At 13 years old, Chef Marwan Sardouk was forced to support his family in Beirut and began cooking local Lebanese fare on the street. He had already impressed his father with a vegetable omelet at home, but it was the streets of the country’s capital, and the vibrant flavors of their foods, that became his first classroom. “As I ventured onto Beirut’s bustling streets, guided by the sandwich virtuoso Al Karaki, I mastered the art of a roasted beef sandwich – a symphony of Dijonnaise-kissed meat, mint, and homemade pickles embraced by crispy baguette,” he recalls with poetic relish. He found something he could make that people wanted. He had found his calling.

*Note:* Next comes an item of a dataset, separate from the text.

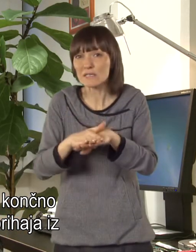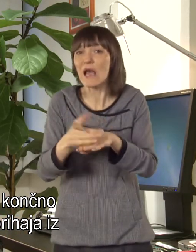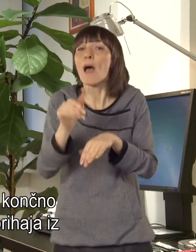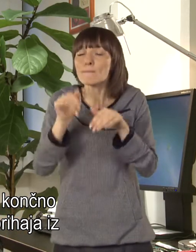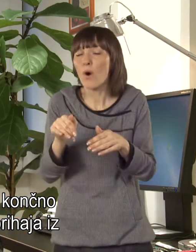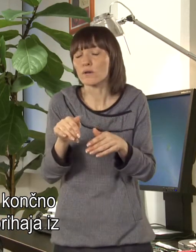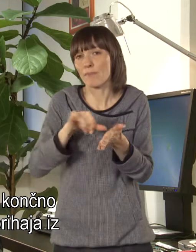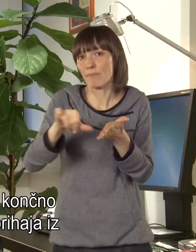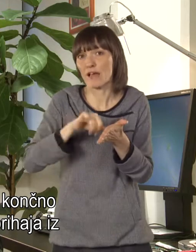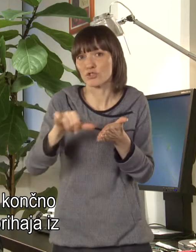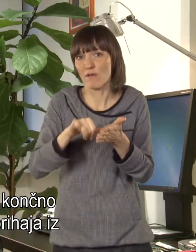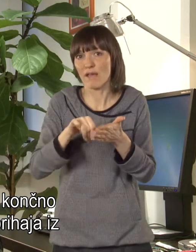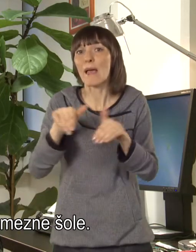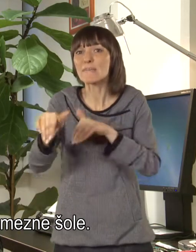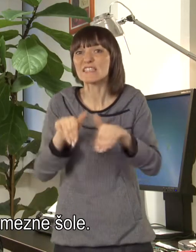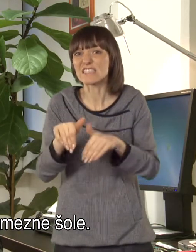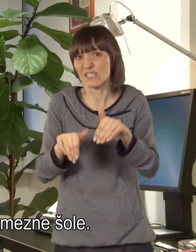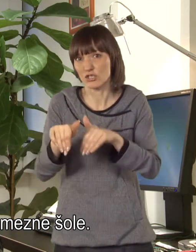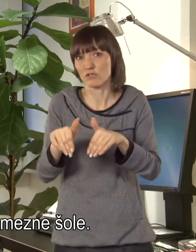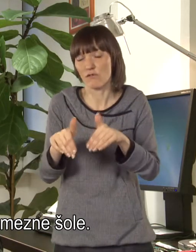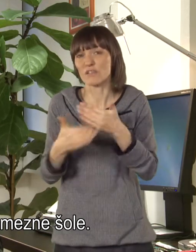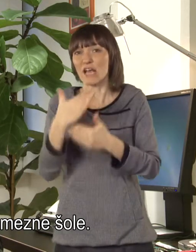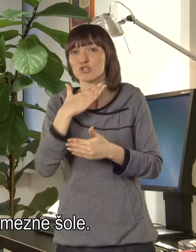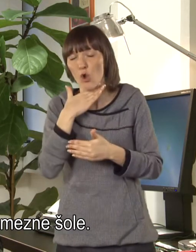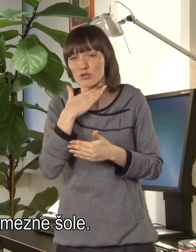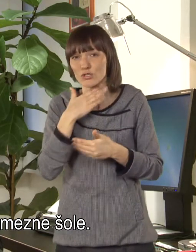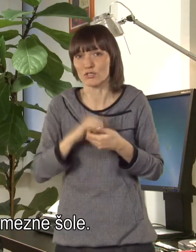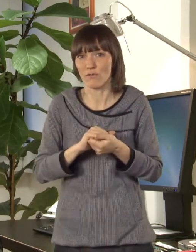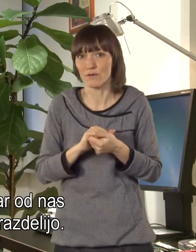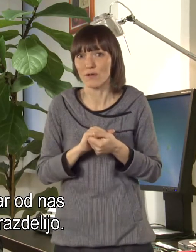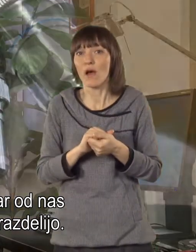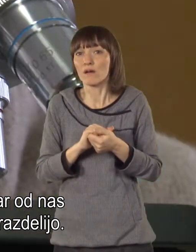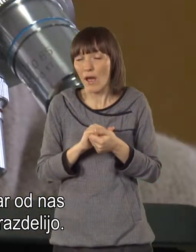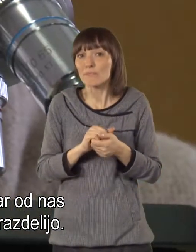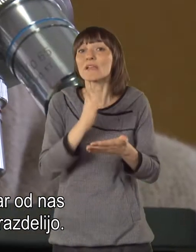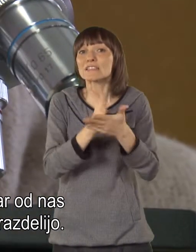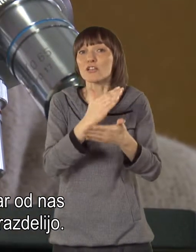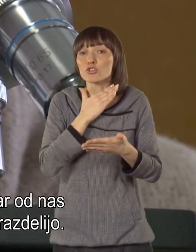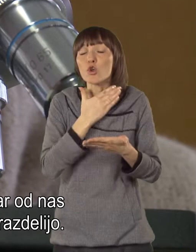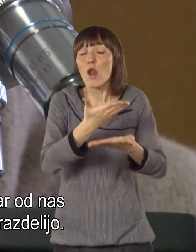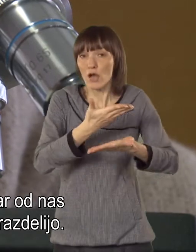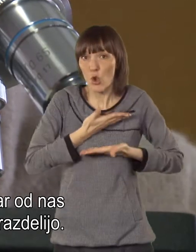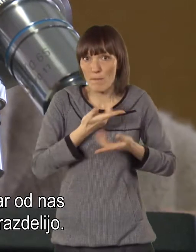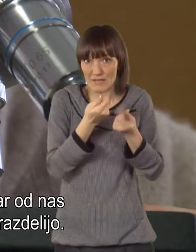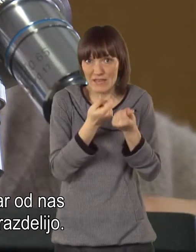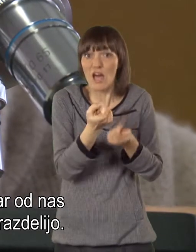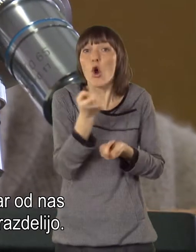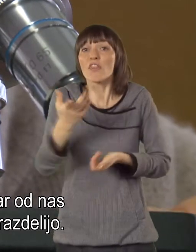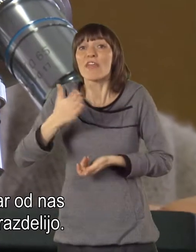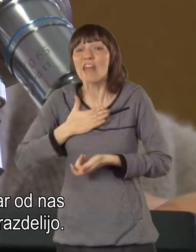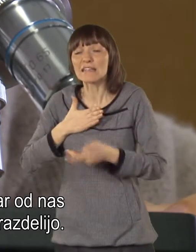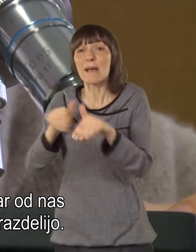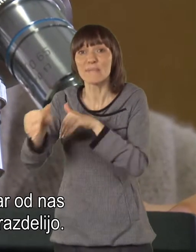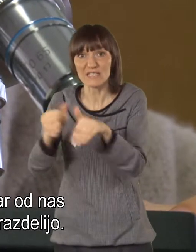pokritje prihaja z ministrstva, ne z vsake šole same. Torej srednje šole prejmejo denar od
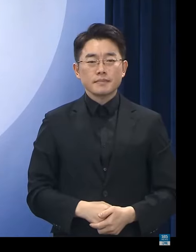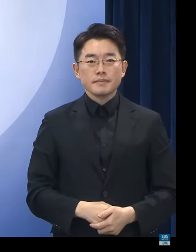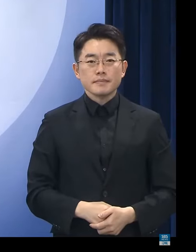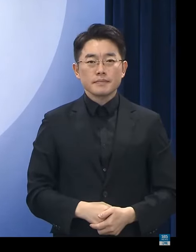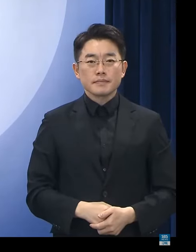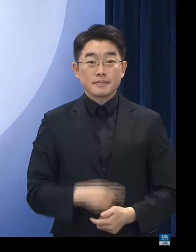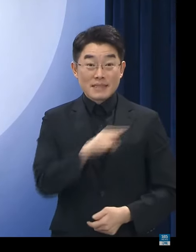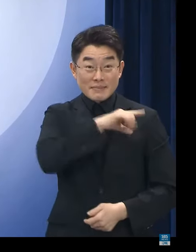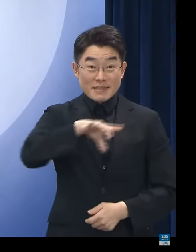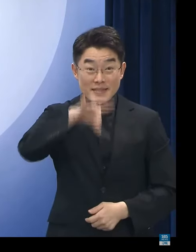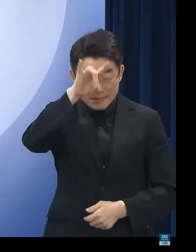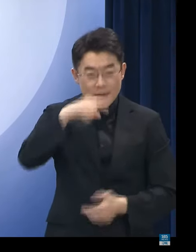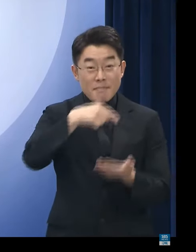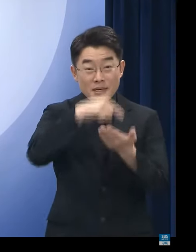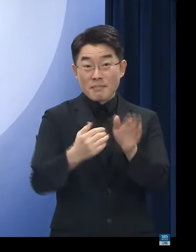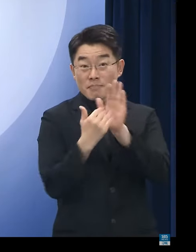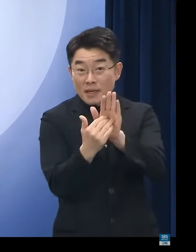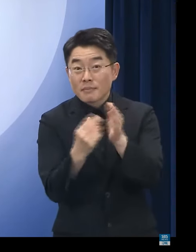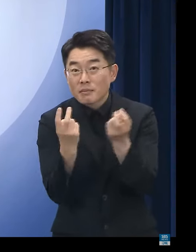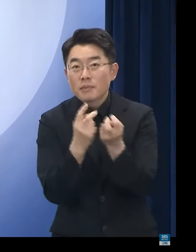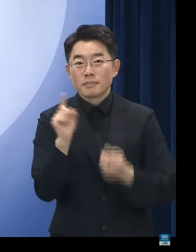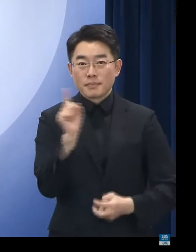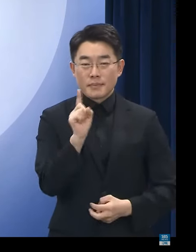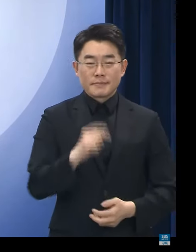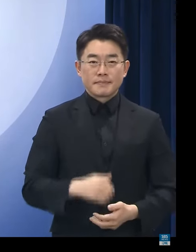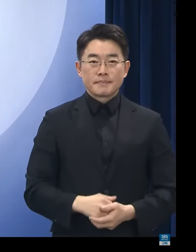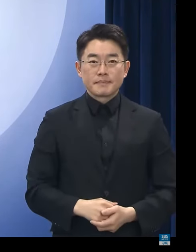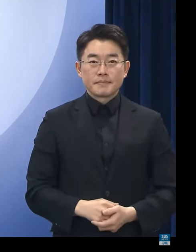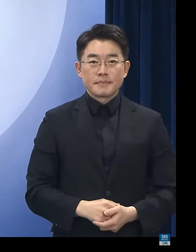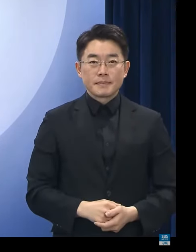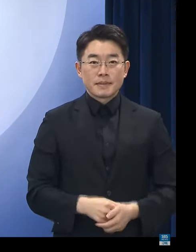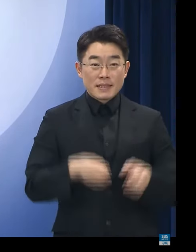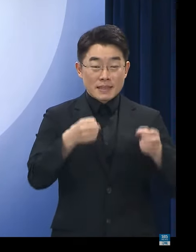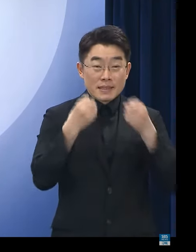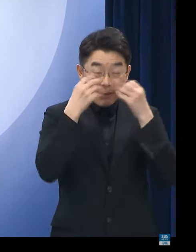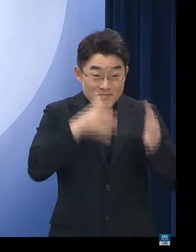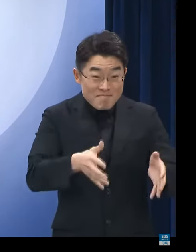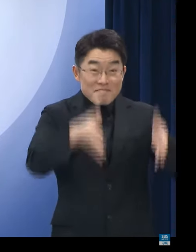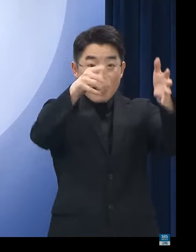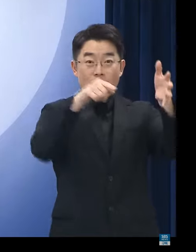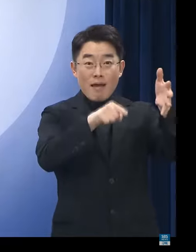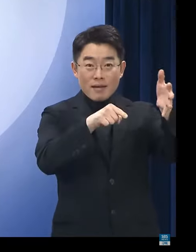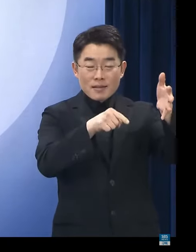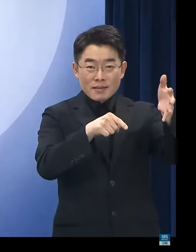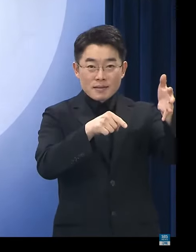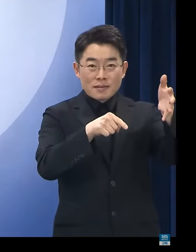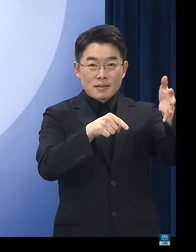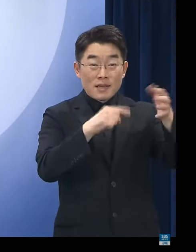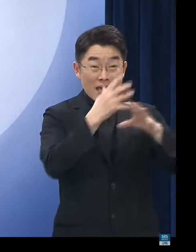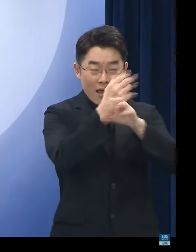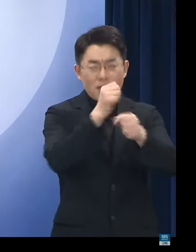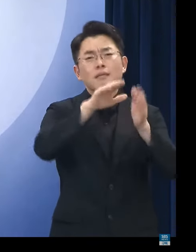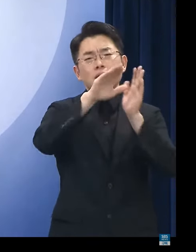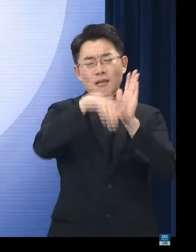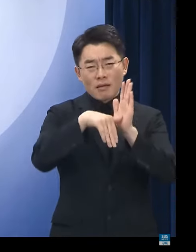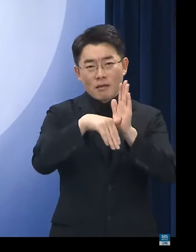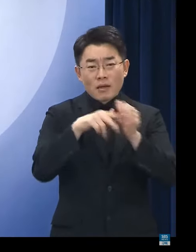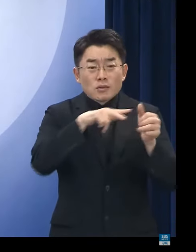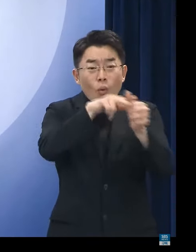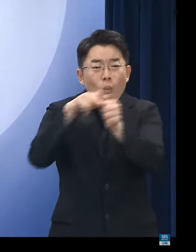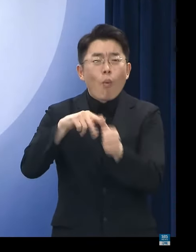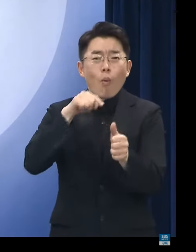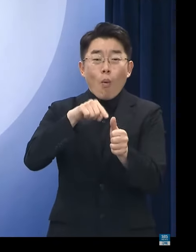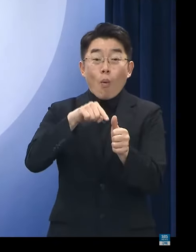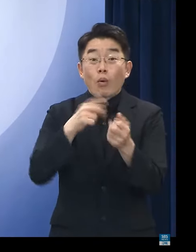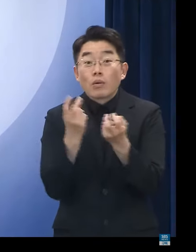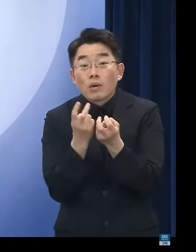먼저 피해 예방입니다. 신축 빌라의 시세 등 계약 시에 반드시 알아야 할 다양한

Never one to settle, by 15 the ambitious youngster had enrolled in a culinary school, working in a string of Beirut establishments, and, at 18, he was hired at Alain Ducasse’s Beirut restaurant Tamaris. And while he quickly rose up through the ranks, his curiosity drove him abroad, doing stints in kitchens (“stages”) in Paris, Singapore, and Saudi Arabia before settling in Dubai in 2013. “My journey embodies the power of food to transcend mere sustenance,” says the chef. “From that first omelet to global gastronomy stages, each chapter narrates a tale of flavors, aromas, and textures that linger in memory.”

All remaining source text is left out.